FIFA Logo and FBI Agents
Monday, 13 July 2015 By Neil Swift

Sport has long considered itself largely able to self-govern, both by sport-specific regulation and with the assistance of various umbrella organisations covering cross-sport and cross-jurisdictional issues: referees are on hand to deal with rule breaches apparent during the course of play; participants can be punished retrospectively for misconduct unnoticed or insufficiently punished during the game; governing bodies administer recognised anti-doping programmes, and sanction those who otherwise contravene the relevant rules of conduct that apply outside the field of play. Only rarely do sports bodies and sportsmen and women find themselves and their conduct examined through the lens of the criminal law.


Commercial pressure to preserve integrity

However, sport is far more than just a game. As a business, it has global reach and immense monetary value. It attracts the interest of the public far more than almost all other businesses. There is ticketing and event management, media and broadcast rights, merchandising and sponsorship, whilst international events often go hand in hand with huge infrastructure projects, often designed to reinforce (or reinvent) the reputation of the host city or country on the world stage. All of this value depends on the integrity both of sporting competition and within the relevant governing organisation itself – a governing body which is considered to be institutionally corrupt fundamentally undermines its mandate to regulate the conduct of others.

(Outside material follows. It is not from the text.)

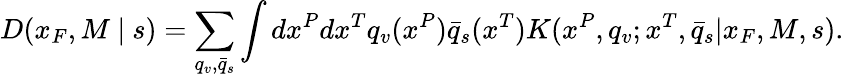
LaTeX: D(x_{F},M\ |\ s)=\sum_{q_{v},\bar{q}_{s}}\int dx^{P}dx^{T}q_{v}(x^{P})\bar{q}_{s}(x^{T})K(x^{P},q_{v};x^{T},\bar{q}_{s}|x_{F},M,s).
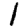
Digit: 1

In order to protect that integrity, and with it the commercial interests of what are often global corporations and brands, external oversight and regulation are necessary. As we have seen with the recent events surrounding FIFA, there can only be so many newspaper reports and rumours before law enforcement has no option but to see if the smoke leads back to fire.


Criminal investigation

So what of FIFA? Law enforcement agencies in both the US and the Swiss are now conducting criminal investigations into individuals associated with FIFA.

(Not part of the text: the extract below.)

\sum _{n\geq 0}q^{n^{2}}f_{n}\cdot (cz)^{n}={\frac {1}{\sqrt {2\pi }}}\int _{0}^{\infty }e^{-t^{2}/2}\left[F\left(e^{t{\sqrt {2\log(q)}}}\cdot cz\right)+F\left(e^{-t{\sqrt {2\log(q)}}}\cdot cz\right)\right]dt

The genesis of the US investigation has all the ingredients of a classic mob story: the official with an ostentatious lifestyle; difficult questions from the tax man about the unexplained (and unreported) wealth; then the not so difficult decision, accepting the life-line of cooperation with the FBI, telling all about former associates, leaving their fate in the hands of the U.S. Department of Justice in return for preferable and preferential treatment. With that inroad, others have been persuaded to accept a deal, and in the process lead investigators deeper into and higher up the organisation.

This is exactly how the authorities would tackle an organised crime syndicate.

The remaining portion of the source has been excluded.